Die Beispiele dieses Artikels finden Sie in der Datenbank 1803_FormsControlsVBARead.accdb.

Innerhalb des Formulars

Wenn Sie ein Formular erstellen und diesem ein Klassenmodul zuweisen, das sogenannte Code behind-Modul, dann können Sie von diesem aus auf andere Weise auf die Elemente des Formulars zugreifen als dies etwa von einem anderen Formular oder auch von einem Standardmodul aus möglich ist.

Hier steht nämlich das Me-Schlüsselwort für den Zugriff auf die Objektvariable des aktuellen Formulars zur Verfügung. Zur Verdeutlichung legen Sie einfach einmal ein neues Formular in einer leeren Datenbank an und speichern dieses unter dem Namen frmBeispiel.

Diesem fügen wir nun eine Schaltfläche hinzu, die wir mit der Beschriftung Name anzeigen und dem Namen cmdNameAnzeigen versehen und für die wir eine neue Ereignisprozedur für das Ereignis Beim Klicken anlegen (siehe Bild 1).

Hinzufügen einer Ereignisprozedur für eine Schaltfläche

Bild 1: Hinzufügen einer Ereignisprozedur für eine Schaltfläche

Der Ereignisprozedur fügen wir nun eine Anweisung hinzu, die den Namen des Formulars in einem Meldungsfenster ausgeben soll:

Private Sub cmdNameAnzeigen_Click()

MsgBox Me.Name

End Sub

Das hier wie selbstverständlich verwendete Schlüsselwort Me ist eine sehr praktische Vereinfachung für den Zugriff auf die Elemente des Formulars, auf das sich das Klassenmodul bezieht.

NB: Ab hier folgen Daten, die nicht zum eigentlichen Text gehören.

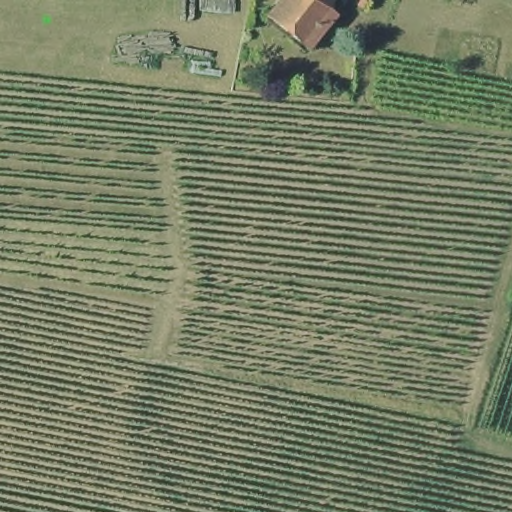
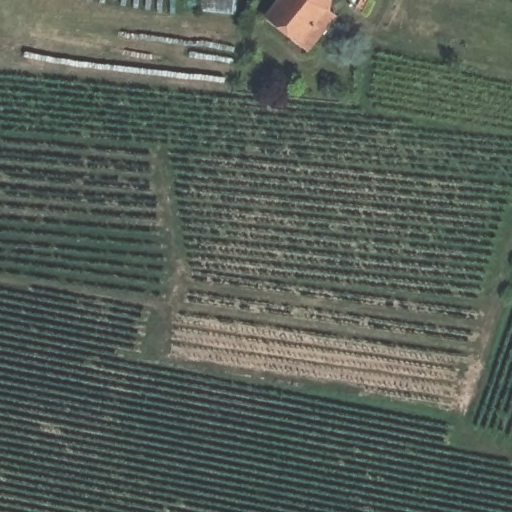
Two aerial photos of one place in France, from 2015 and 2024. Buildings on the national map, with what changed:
unchanged [(290,0),(335,0),(333,15),(339,20),(340,21),(329,35),(318,48),(313,54),(306,47),(272,21),(290,0)]

Mit diesem Schlüsselwort können Sie auf alle Eigenschaften und Methoden des Formulars zugreifen und auch auf die darin angelegten Steuer­elemente – darauf gehen wir später ein.

Von außen

Wie aber greifen wir denn eigentlich von außen auf dieses Formular zu? Dazu müssen wir erst einmal wissen, ob das Formular geöffnet ist. Greifen wir auf ein Formular zu, das nicht geöffnet ist, erhalten wir einen Laufzeitfehler.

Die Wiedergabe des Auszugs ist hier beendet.